Sepertinya dia keceplosan. Dan aku hanya bisa menggelengkan kepala.

"Bisa ya kamu makan saat belum tahu bagaimana kondisi anakmu?" kataku.

"Aku berusaha menghubungimu agar lekas pulang karena Raka sakit. Tadi siang dia terjatuh dari tempat tidur waktu aku tinggal pergi ke pasar atas perintah ibumu," lanjutku berang.

"Bagaimana bisa dia jatuh, kamu ceroboh Naila." Mas Ikhsan malah balik menyalahkanku.

"Tanya pada ibumu bagaimana bisa putraku terjatuh."ucapku.

"Jangan selalu menyalahkan ibuku," balas Mas Ikhsan.

"Lalu kenapa dia menyuruhku tapi tidak mau menjaga Raka. Di sini aku selalu salah, Mas. Apapun yang aku lakukan salah. Mereka bilang aku gak boleh marah hanya karena aku numpang di sini. Kalian tahu bagaimana perasaanku saat ini?"Teriakku padanya tak tertahan.

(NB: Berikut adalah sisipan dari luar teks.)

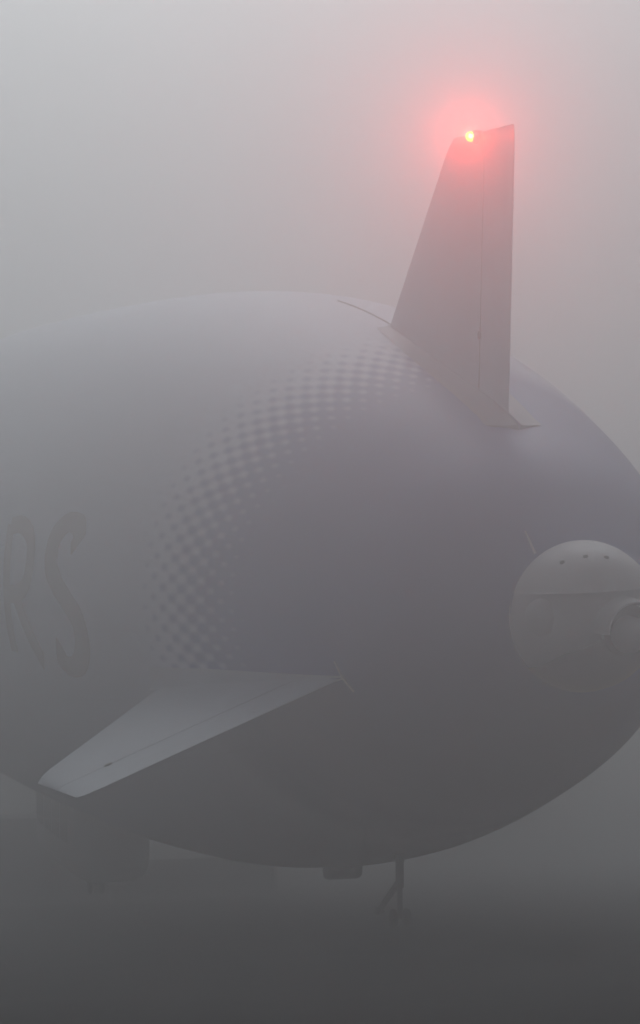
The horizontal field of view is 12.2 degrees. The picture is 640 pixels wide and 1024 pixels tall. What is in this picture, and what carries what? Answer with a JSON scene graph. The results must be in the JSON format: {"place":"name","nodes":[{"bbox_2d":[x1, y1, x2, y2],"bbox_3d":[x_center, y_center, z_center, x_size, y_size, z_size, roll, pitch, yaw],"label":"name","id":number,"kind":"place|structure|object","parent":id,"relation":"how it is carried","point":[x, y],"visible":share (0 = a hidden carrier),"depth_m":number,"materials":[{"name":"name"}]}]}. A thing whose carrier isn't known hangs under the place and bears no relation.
{"place":"outdoors","nodes":[
{"label":"outdoors","id":0,"kind":"place"},
{"bbox_2d":[0,813,277,904],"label":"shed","id":1,"kind":"structure","parent":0,"point":[32,870],"depth_m":111.42,"materials":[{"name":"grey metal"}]},
{"bbox_2d":[0,841,639,1023],"bbox_3d":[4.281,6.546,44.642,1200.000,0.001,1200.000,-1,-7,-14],"label":"ground","id":2,"kind":"structure","parent":0,"point":[540,934],"depth_m":49.29,"materials":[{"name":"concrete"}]},
{"bbox_2d":[0,124,639,927],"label":"airship","id":3,"kind":"object","parent":2,"relation":"on","point":[338,586],"visible":1,"depth_m":51.45,"materials":[{"name":"fabric"}]},
{"bbox_2d":[0,0,639,859],"label":"sky","id":4,"kind":"structure","parent":0,"point":[151,150],"materials":[{"name":"grey"}]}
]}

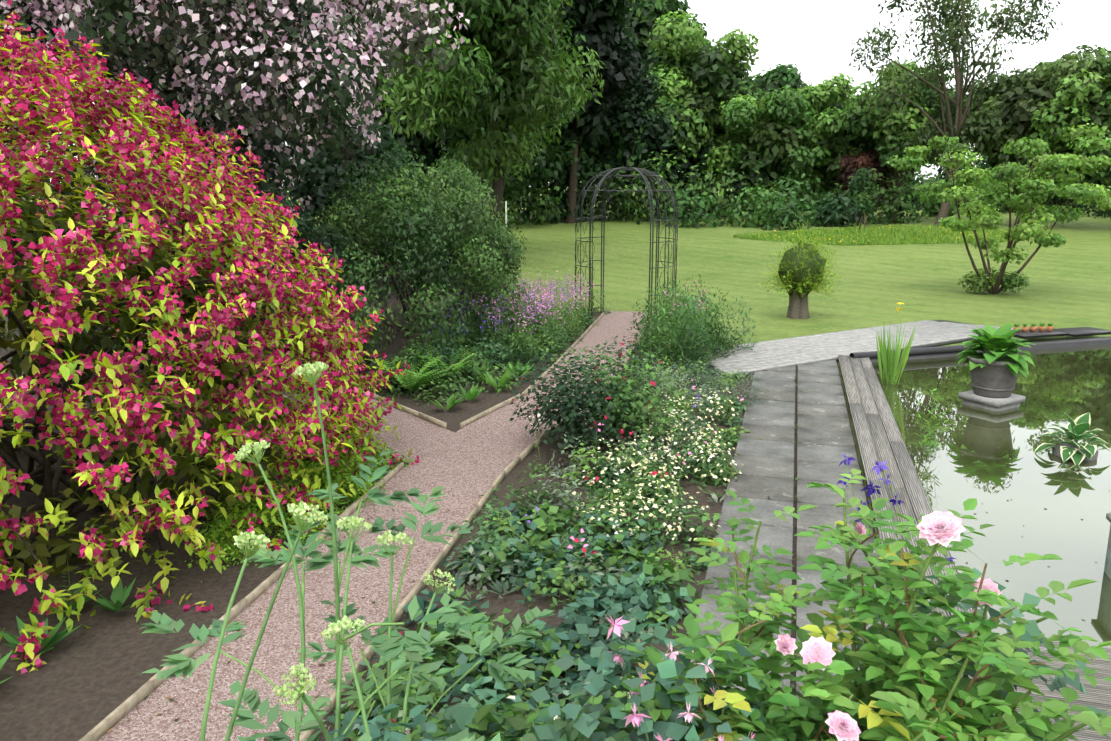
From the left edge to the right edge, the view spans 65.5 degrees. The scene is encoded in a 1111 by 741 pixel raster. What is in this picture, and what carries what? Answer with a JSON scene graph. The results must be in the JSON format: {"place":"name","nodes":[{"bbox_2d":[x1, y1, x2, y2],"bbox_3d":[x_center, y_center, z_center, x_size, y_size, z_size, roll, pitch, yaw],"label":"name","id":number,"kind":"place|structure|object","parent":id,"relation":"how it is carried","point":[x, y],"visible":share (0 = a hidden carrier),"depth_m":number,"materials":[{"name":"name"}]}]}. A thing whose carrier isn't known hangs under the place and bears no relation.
{"place":"outdoors","nodes":[
{"label":"outdoors","id":0,"kind":"place"},
{"bbox_2d":[96,330,453,463],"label":"gravel path","id":1,"kind":"structure","parent":0,"point":[420,436],"depth_m":9.36,"materials":[{"name":"pink gravel"}]},
{"bbox_2d":[108,328,446,428],"bbox_3d":[-4.631,-0.154,13.169,10.051,0.078,0.739,11,16,42],"label":"path edging","id":2,"kind":"object","parent":1,"relation":"on","point":[435,421],"visible":0.15,"depth_m":10.05,"materials":[{"name":"brown wood"}]},
{"bbox_2d":[98,311,646,740],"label":"gravel path","id":3,"kind":"structure","parent":0,"point":[497,437],"depth_m":5.68,"materials":[{"name":"gravel"}]},
{"bbox_2d":[79,309,606,740],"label":"path edging","id":4,"kind":"object","parent":3,"relation":"on","point":[97,732],"visible":0.54,"depth_m":5.48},
{"bbox_2d":[107,314,877,740],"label":"litter on path and paving","id":5,"kind":"object","parent":3,"relation":"on","point":[477,502],"visible":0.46,"depth_m":6.40,"materials":[{"name":"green plant"}]},
{"bbox_2d":[0,276,750,740],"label":"bed soil","id":6,"kind":"structure","parent":0,"point":[80,682],"depth_m":5.72,"materials":[{"name":"brown soil"}]},
{"bbox_2d":[0,0,418,673],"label":"weigela shrub","id":7,"kind":"object","parent":6,"relation":"on","point":[62,316],"depth_m":6.25,"materials":[{"name":"red plant"}]},
{"bbox_2d":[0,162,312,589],"bbox_3d":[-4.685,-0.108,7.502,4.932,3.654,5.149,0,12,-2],"label":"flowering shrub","id":8,"kind":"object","parent":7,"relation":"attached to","point":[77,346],"visible":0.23,"depth_m":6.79,"materials":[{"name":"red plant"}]},
{"bbox_2d":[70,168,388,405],"bbox_3d":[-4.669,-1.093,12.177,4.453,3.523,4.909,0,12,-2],"label":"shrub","id":9,"kind":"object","parent":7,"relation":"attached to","point":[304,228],"depth_m":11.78,"materials":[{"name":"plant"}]},
{"bbox_2d":[16,88,469,303],"bbox_3d":[-7.985,-4.000,22.061,12.023,6.308,7.589,0,12,-2],"label":"tree foliage","id":10,"kind":"object","parent":6,"relation":"on","point":[324,170],"visible":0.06,"depth_m":20.65,"materials":[{"name":"green plant"}]},
{"bbox_2d":[234,376,332,423],"bbox_3d":[-5.450,-0.053,12.699,9.150,0.078,0.693,11,16,42],"label":"path edging","id":11,"kind":"object","parent":6,"relation":"on","point":[283,396],"visible":0.04,"depth_m":10.80,"materials":[{"name":"brown wood"}]},
{"bbox_2d":[0,271,769,740],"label":"flower bed plants","id":12,"kind":"object","parent":6,"relation":"on","point":[628,409],"visible":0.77,"depth_m":7.14,"materials":[{"name":"green plant"}]},
{"bbox_2d":[290,142,541,396],"bbox_3d":[-2.457,-1.910,14.907,4.495,3.870,8.573,0,12,-2],"label":"bush","id":13,"kind":"object","parent":6,"relation":"on","point":[487,261],"depth_m":13.07,"materials":[{"name":"green plant"}]},
{"bbox_2d":[299,310,652,740],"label":"path edging","id":14,"kind":"object","parent":6,"relation":"on","point":[420,584],"visible":0.5,"depth_m":6.05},
{"bbox_2d":[6,187,1110,609],"bbox_3d":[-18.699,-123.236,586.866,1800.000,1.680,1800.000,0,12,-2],"label":"lawn","id":15,"kind":"structure","parent":0,"point":[1068,285],"depth_m":25.84,"materials":[{"name":"green plant"}]},
{"bbox_2d":[5,0,344,256],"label":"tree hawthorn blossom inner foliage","id":16,"kind":"object","parent":15,"relation":"on","point":[72,34],"visible":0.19,"depth_m":11.85,"materials":[{"name":"plant"}]},
{"bbox_2d":[0,0,469,343],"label":"hawthorn tree","id":17,"kind":"object","parent":16,"relation":"attached to","point":[300,22],"depth_m":11.13,"materials":[{"name":"pink plant"}]},
{"bbox_2d":[107,3,365,104],"bbox_3d":[-10.892,-10.297,26.855,11.911,13.957,12.073,0,12,-2],"label":"tree","id":18,"kind":"object","parent":15,"relation":"on","point":[211,76],"depth_m":26.04,"materials":[{"name":"green plant"}]},
{"bbox_2d":[333,69,376,121],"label":"tree","id":19,"kind":"object","parent":15,"relation":"on","point":[366,113],"depth_m":65.80,"materials":[{"name":"green plant"}]},
{"bbox_2d":[354,61,451,181],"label":"tree","id":20,"kind":"object","parent":15,"relation":"on","point":[429,151],"visible":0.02,"depth_m":47.60,"materials":[{"name":"green plant"}]},
{"bbox_2d":[366,74,465,176],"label":"tree foliage","id":21,"kind":"object","parent":20,"relation":"attached to","point":[415,142],"visible":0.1,"depth_m":47.19,"materials":[{"name":"green plant"}]},
{"bbox_2d":[323,0,605,237],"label":"tree","id":22,"kind":"object","parent":15,"relation":"on","point":[433,84],"depth_m":25.91,"materials":[{"name":"green plant"}]},
{"bbox_2d":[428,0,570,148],"bbox_3d":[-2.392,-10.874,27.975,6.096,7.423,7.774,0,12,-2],"label":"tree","id":23,"kind":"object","parent":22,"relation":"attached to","point":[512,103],"visible":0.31,"depth_m":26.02,"materials":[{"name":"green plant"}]},
{"bbox_2d":[372,16,585,204],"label":"tree","id":24,"kind":"object","parent":15,"relation":"on","point":[454,140],"visible":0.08,"depth_m":41.36,"materials":[{"name":"green plant"}]},
{"bbox_2d":[417,44,556,151],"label":"tree foliage","id":25,"kind":"object","parent":24,"relation":"attached to","point":[458,127],"visible":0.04,"depth_m":40.68,"materials":[{"name":"green plant"}]},
{"bbox_2d":[505,197,521,227],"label":"white stake posts","id":26,"kind":"object","parent":15,"relation":"on","point":[506,211],"visible":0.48,"depth_m":37.32,"materials":[{"name":"wood"}]},
{"bbox_2d":[521,89,604,219],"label":"tree","id":27,"kind":"object","parent":15,"relation":"on","point":[566,156],"depth_m":46.49,"materials":[{"name":"green plant"}]},
{"bbox_2d":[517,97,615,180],"bbox_3d":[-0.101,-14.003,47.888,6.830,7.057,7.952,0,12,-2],"label":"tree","id":28,"kind":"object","parent":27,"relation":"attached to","point":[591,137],"visible":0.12,"depth_m":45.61,"materials":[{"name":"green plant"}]},
{"bbox_2d":[391,271,743,733],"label":"flowers","id":29,"kind":"object","parent":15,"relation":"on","point":[544,296],"visible":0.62,"depth_m":13.63,"materials":[{"name":"purple plant"}]},
{"bbox_2d":[536,0,644,222],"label":"ash tree","id":30,"kind":"object","parent":15,"relation":"on","point":[619,11],"depth_m":43.27,"materials":[{"name":"green plant"}]},
{"bbox_2d":[552,0,642,110],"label":"tree dark behind ash inner foliage","id":31,"kind":"object","parent":30,"relation":"attached to","point":[593,27],"visible":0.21,"depth_m":42.80,"materials":[{"name":"green plant"}]},
{"bbox_2d":[575,153,677,323],"bbox_3d":[1.389,-2.586,17.041,2.014,3.310,1.934,0,12,-2],"label":"garden arch","id":32,"kind":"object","parent":15,"relation":"on","point":[644,176],"visible":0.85,"depth_m":16.70,"materials":[{"name":"grey metal"}]},
{"bbox_2d":[578,60,678,215],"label":"yew tree","id":33,"kind":"object","parent":15,"relation":"on","point":[642,88],"depth_m":48.49,"materials":[{"name":"green plant"}]},
{"bbox_2d":[592,106,657,163],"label":"tree foliage","id":34,"kind":"object","parent":33,"relation":"attached to","point":[633,135],"visible":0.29,"depth_m":48.36,"materials":[{"name":"green plant"}]},
{"bbox_2d":[610,0,706,86],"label":"tall tree","id":35,"kind":"object","parent":15,"relation":"on","point":[673,6],"visible":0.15,"depth_m":53.65,"materials":[{"name":"green plant"}]},
{"bbox_2d":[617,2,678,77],"bbox_3d":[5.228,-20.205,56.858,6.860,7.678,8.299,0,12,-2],"label":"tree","id":36,"kind":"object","parent":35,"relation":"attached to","point":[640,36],"visible":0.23,"depth_m":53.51,"materials":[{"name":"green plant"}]},
{"bbox_2d":[264,92,1079,220],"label":"hedge","id":37,"kind":"object","parent":15,"relation":"on","point":[642,147],"visible":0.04,"depth_m":49.22,"materials":[{"name":"green plant"}]},
{"bbox_2d":[659,26,715,199],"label":"tree","id":38,"kind":"object","parent":15,"relation":"on","point":[703,28],"depth_m":64.20,"materials":[{"name":"green plant"}]},
{"bbox_2d":[640,10,761,193],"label":"bright tree","id":39,"kind":"object","parent":15,"relation":"on","point":[670,36],"depth_m":48.98,"materials":[{"name":"green plant"}]},
{"bbox_2d":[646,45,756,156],"bbox_3d":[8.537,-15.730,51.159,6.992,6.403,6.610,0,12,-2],"label":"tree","id":40,"kind":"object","parent":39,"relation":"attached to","point":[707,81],"visible":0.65,"depth_m":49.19,"materials":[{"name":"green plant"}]},
{"bbox_2d":[706,85,814,211],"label":"tree","id":41,"kind":"object","parent":15,"relation":"on","point":[740,116],"depth_m":47.16,"materials":[{"name":"green plant"}]},
{"bbox_2d":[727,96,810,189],"bbox_3d":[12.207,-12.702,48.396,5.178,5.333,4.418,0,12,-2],"label":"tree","id":42,"kind":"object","parent":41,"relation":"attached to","point":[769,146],"visible":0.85,"depth_m":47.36,"materials":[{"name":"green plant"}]},
{"bbox_2d":[412,146,1110,230],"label":"hedge","id":43,"kind":"object","parent":15,"relation":"on","point":[834,211],"visible":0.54,"depth_m":43.52,"materials":[{"name":"green plant"}]},
{"bbox_2d":[748,63,848,109],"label":"tree","id":44,"kind":"object","parent":15,"relation":"on","point":[780,70],"visible":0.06,"depth_m":65.01,"materials":[{"name":"green plant"}]},
{"bbox_2d":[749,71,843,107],"bbox_3d":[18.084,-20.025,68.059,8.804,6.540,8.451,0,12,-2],"label":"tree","id":45,"kind":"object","parent":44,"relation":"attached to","point":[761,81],"visible":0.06,"depth_m":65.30,"materials":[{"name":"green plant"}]},
{"bbox_2d":[787,290,809,318],"bbox_3d":[4.968,-1.370,17.628,0.466,0.733,0.467,0,12,-2],"label":"plant pot","id":46,"kind":"object","parent":15,"relation":"on","point":[798,307],"visible":0.67,"depth_m":17.48,"materials":[{"name":"beige stone"}]},
{"bbox_2d":[760,220,840,300],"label":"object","id":47,"kind":"object","parent":46,"relation":"on","point":[823,285],"visible":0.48,"depth_m":17.24,"materials":[{"name":"green plant"}]},
{"bbox_2d":[778,240,825,296],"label":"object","id":48,"kind":"object","parent":46,"relation":"attached to","point":[798,277],"visible":0.71,"depth_m":17.17,"materials":[{"name":"green plant"}]},
{"bbox_2d":[660,320,975,378],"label":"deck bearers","id":49,"kind":"object","parent":15,"relation":"on","point":[937,344],"visible":0.14,"depth_m":14.44,"materials":[{"name":"wood"}]},
{"bbox_2d":[700,320,1012,374],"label":"stone paving","id":50,"kind":"object","parent":49,"relation":"on","point":[764,355],"visible":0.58,"depth_m":14.24,"materials":[{"name":"grey stone"}]},
{"bbox_2d":[785,73,866,203],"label":"tree","id":51,"kind":"object","parent":15,"relation":"on","point":[822,95],"depth_m":47.50,"materials":[{"name":"green plant"}]},
{"bbox_2d":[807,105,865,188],"bbox_3d":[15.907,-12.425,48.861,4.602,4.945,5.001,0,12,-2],"label":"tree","id":52,"kind":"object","parent":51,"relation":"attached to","point":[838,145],"visible":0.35,"depth_m":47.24,"materials":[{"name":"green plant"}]},
{"bbox_2d":[859,178,865,230],"bbox_3d":[12.747,-6.691,35.765,0.232,2.551,0.060,0,12,-2],"label":"trunk","id":53,"kind":"object","parent":15,"relation":"on","point":[864,218],"visible":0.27,"depth_m":35.84,"materials":[{"name":"brown plant"}]},
{"bbox_2d":[848,168,878,215],"bbox_3d":[12.662,-7.366,35.621,1.217,1.954,0.876,2,12,10],"label":"tree sapling foliage","id":54,"kind":"object","parent":53,"relation":"attached to","point":[863,200],"visible":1,"depth_m":35.49,"materials":[{"name":"green plant"}]},
{"bbox_2d":[837,152,892,220],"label":"tree","id":55,"kind":"object","parent":15,"relation":"on","point":[849,164],"depth_m":45.58,"materials":[{"name":"plant"}]},
{"bbox_2d":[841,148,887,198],"bbox_3d":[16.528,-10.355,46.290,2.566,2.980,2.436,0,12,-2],"label":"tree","id":56,"kind":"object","parent":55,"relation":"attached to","point":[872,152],"visible":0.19,"depth_m":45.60,"materials":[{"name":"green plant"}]},
{"bbox_2d":[733,223,1036,244],"bbox_3d":[14.282,-5.766,36.017,13.289,0.762,5.209,0,12,-2],"label":"grass patch","id":57,"kind":"object","parent":15,"relation":"on","point":[913,234],"visible":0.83,"depth_m":34.86,"materials":[{"name":"green plant"}]},
{"bbox_2d":[765,224,1005,241],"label":"buttercups","id":58,"kind":"object","parent":57,"relation":"on","point":[873,231],"visible":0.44,"depth_m":35.23,"materials":[{"name":"yellow plant"}]},
{"bbox_2d":[841,59,966,220],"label":"tree","id":59,"kind":"object","parent":15,"relation":"on","point":[892,138],"depth_m":43.73,"materials":[{"name":"green plant"}]},
{"bbox_2d":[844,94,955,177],"bbox_3d":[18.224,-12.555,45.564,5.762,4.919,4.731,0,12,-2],"label":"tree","id":60,"kind":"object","parent":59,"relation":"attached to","point":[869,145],"visible":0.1,"depth_m":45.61,"materials":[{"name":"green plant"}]},
{"bbox_2d":[859,93,972,167],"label":"tree","id":61,"kind":"object","parent":15,"relation":"on","point":[936,164],"visible":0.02,"depth_m":63.72,"materials":[{"name":"green plant"}]},
{"bbox_2d":[848,0,1063,225],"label":"tree","id":62,"kind":"object","parent":15,"relation":"on","point":[951,19],"depth_m":40.47,"materials":[{"name":"green plant"}]},
{"bbox_2d":[839,337,1110,589],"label":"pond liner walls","id":63,"kind":"structure","parent":15,"relation":"on","point":[1071,343],"depth_m":14.15,"materials":[{"name":"black rubber"}]},
{"bbox_2d":[838,355,973,628],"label":"wooden boardwalk","id":64,"kind":"structure","parent":63,"relation":"on","point":[878,434],"depth_m":8.37,"materials":[{"name":"grey wood"}]},
{"bbox_2d":[850,344,971,357],"bbox_3d":[5.530,-0.289,13.317,2.300,0.110,0.110,-4,13,-18],"label":"pond liner roll","id":65,"kind":"object","parent":63,"relation":"on","point":[927,350],"visible":0.56,"depth_m":13.33,"materials":[{"name":"black rubber"}]},
{"bbox_2d":[925,629,1110,740],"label":"wooden deck","id":66,"kind":"structure","parent":63,"relation":"on","point":[1098,696],"depth_m":4.41,"materials":[{"name":"grey wood"}]},
{"bbox_2d":[1052,443,1097,460],"bbox_3d":[5.155,1.160,8.652,0.400,0.780,0.400,0,12,-2],"label":"plant pot","id":67,"kind":"object","parent":63,"relation":"on","point":[1056,450],"visible":0.17,"depth_m":8.57,"materials":[{"name":"grey stone"}]},
{"bbox_2d":[1104,513,1110,578],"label":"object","id":68,"kind":"object","parent":63,"relation":"on","point":[1107,568],"visible":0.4,"depth_m":5.92,"materials":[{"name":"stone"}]},
{"bbox_2d":[886,123,1110,293],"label":"tree","id":69,"kind":"object","parent":15,"relation":"on","point":[993,188],"depth_m":20.59,"materials":[{"name":"green plant"}]},
{"bbox_2d":[966,61,1057,126],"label":"tree","id":70,"kind":"object","parent":15,"relation":"on","point":[974,108],"visible":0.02,"depth_m":62.92,"materials":[{"name":"green plant"}]},
{"bbox_2d":[955,44,1110,225],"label":"tree","id":71,"kind":"object","parent":15,"relation":"on","point":[989,130],"depth_m":39.64,"materials":[{"name":"green plant"}]},
{"bbox_2d":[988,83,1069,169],"bbox_3d":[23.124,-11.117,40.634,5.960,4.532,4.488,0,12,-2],"label":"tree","id":72,"kind":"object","parent":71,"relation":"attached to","point":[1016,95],"visible":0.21,"depth_m":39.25,"materials":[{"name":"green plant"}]},
{"bbox_2d":[1011,327,1110,338],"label":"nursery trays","id":73,"kind":"object","parent":15,"relation":"on","point":[1081,331],"visible":0.79,"depth_m":14.97,"materials":[{"name":"black plastic"}]},
{"bbox_2d":[1013,326,1053,332],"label":"terracotta pots","id":74,"kind":"object","parent":73,"relation":"on","point":[1040,328],"visible":0.85,"depth_m":15.02,"materials":[{"name":"orange ceramic"}]},
{"bbox_2d":[1014,323,1052,326],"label":"potted plants","id":75,"kind":"object","parent":74,"relation":"on","point":[1034,325],"visible":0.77,"depth_m":15.03,"materials":[{"name":"green plant"}]},
{"bbox_2d":[1028,47,1110,207],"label":"tree","id":76,"kind":"object","parent":15,"relation":"on","point":[1081,93],"visible":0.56,"depth_m":36.95,"materials":[{"name":"green plant"}]},
{"bbox_2d":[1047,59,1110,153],"bbox_3d":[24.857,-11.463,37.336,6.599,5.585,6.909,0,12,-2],"label":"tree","id":77,"kind":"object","parent":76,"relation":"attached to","point":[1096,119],"visible":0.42,"depth_m":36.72,"materials":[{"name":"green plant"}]},
{"bbox_2d":[6,0,1110,186],"label":"sky","id":78,"kind":"structure","parent":0,"point":[816,36],"materials":[{"name":"white"}]},
{"bbox_2d":[694,362,881,695],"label":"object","id":79,"kind":"structure","parent":0,"point":[794,564],"depth_m":7.28,"materials":[{"name":"soil"}]},
{"bbox_2d":[692,359,887,709],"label":"slab paving","id":80,"kind":"structure","parent":79,"relation":"on","point":[767,460],"depth_m":7.72,"materials":[{"name":"stone"}]},
{"bbox_2d":[876,319,948,465],"bbox_3d":[4.019,-0.001,9.925,0.523,1.119,3.963,4,13,17],"label":"plant pond iris and marginals","id":81,"kind":"object","parent":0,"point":[887,357],"visible":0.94,"depth_m":11.49,"materials":[{"name":"green plant"}]},
{"bbox_2d":[872,344,1110,648],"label":"pond water","id":82,"kind":"structure","parent":0,"point":[1069,494],"depth_m":8.02,"materials":[{"name":"green liquid"}]},
{"bbox_2d":[958,390,1025,410],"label":"plinth","id":83,"kind":"structure","parent":82,"relation":"in","point":[970,397],"depth_m":10.37,"materials":[{"name":"grey stone"}]},
{"bbox_2d":[966,352,1019,397],"bbox_3d":[5.312,0.064,10.470,0.644,0.465,0.644,0,12,-2],"label":"plant pot","id":84,"kind":"object","parent":83,"relation":"on","point":[996,378],"visible":0.71,"depth_m":10.29,"materials":[{"name":"stone"}]},
{"bbox_2d":[954,322,1034,377],"bbox_3d":[5.344,-0.272,10.395,0.905,0.601,0.902,0,12,-2],"label":"hosta plant","id":85,"kind":"object","parent":84,"relation":"on","point":[1000,341],"visible":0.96,"depth_m":10.31,"materials":[{"name":"green plant"}]},
{"bbox_2d":[875,365,1109,619],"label":"pond floating duckweed debris","id":86,"kind":"object","parent":82,"relation":"on","point":[972,448],"visible":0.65,"depth_m":8.58,"materials":[{"name":"green plant"}]},
{"bbox_2d":[1034,412,1110,464],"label":"variegated hosta","id":87,"kind":"object","parent":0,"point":[1077,428],"visible":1,"depth_m":8.47,"materials":[{"name":"green plant"}]},
{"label":"terrace bank ground","id":88,"kind":"structure","parent":0,"visible":0},
{"bbox_2d":[139,370,555,740],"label":"umbellifer plant","id":89,"kind":"object","parent":88,"relation":"on","point":[399,651],"depth_m":2.18,"materials":[{"name":"green plant"}]},
{"bbox_2d":[233,361,454,706],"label":"flower angelica umbels","id":90,"kind":"object","parent":89,"relation":"attached to","point":[302,507],"visible":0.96,"depth_m":1.87,"materials":[{"name":"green plant"}]},
{"bbox_2d":[317,690,876,740],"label":"ground cover foliage","id":91,"kind":"object","parent":88,"relation":"on","point":[479,723],"visible":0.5,"depth_m":2.19,"materials":[{"name":"green plant"}]},
{"bbox_2d":[606,452,955,740],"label":"columbine flowers","id":92,"kind":"object","parent":88,"relation":"on","point":[635,717],"visible":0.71,"depth_m":2.03,"materials":[{"name":"pink plant"}]},
{"bbox_2d":[528,460,1108,740],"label":"columbine plants","id":93,"kind":"object","parent":88,"relation":"on","point":[586,725],"visible":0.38,"depth_m":2.08,"materials":[{"name":"green plant"}]},
{"bbox_2d":[604,469,1110,740],"bbox_3d":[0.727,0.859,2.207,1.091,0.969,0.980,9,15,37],"label":"rose stems","id":94,"kind":"object","parent":88,"relation":"on","point":[901,634],"visible":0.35,"depth_m":2.11,"materials":[{"name":"green plant"}]},
{"bbox_2d":[627,511,1000,740],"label":"rose flowers","id":95,"kind":"object","parent":94,"relation":"on","point":[945,528],"visible":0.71,"depth_m":2.04,"materials":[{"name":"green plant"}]}
]}

"Dan iya ... kenapa kamu memilih tetap bersama temanmu Vanya saat aku bingung karena anakmu sakit?"

"Eh itu ... dia memintaku mengantarnya mencari makan. Sekalian jalan pulang kerja." jelasnya.

"Apa kamu gak bisa menolaknya, Mas? Apa dia lebih penting daripada anakmu? Setidaknya kau bisa memikirkan Raka jika sudah tidak ada aku di hatimu." Emosiku tak tertahan.

"Dek, aku hanya kasihan dengannya. Cuma itu dan kamu jangan mikir macam-macam," ucapnya.

Dia berusaha merengkuhku dalam pelukannya. Aku tak bisa menolaknya seketika aku manangis meluapkan emosiku dalam pelukannya.

"Kau selalu ada di hatiku, dek. Jangan pernah bicara seperti itu lagi." bisik suamiku.

Biasanya aku selalu luluh dengan rayuannya. Tapi kenapa sekarang sisi hatiku sulit untuk mempercayainya.

Ting!

Ting!

Ting!

Ponsel mas Ikhsan berdering tanda ada panggilan masuk. Saat dia mau mengangkatnya sepintas aku lihat tertera nama Vanya di layarnya.

"Bentar aku terima telepon dulu, dek," ucapnya seraya menjauh dariku.

"kenapa lagi dengan perempuan itu," batinku.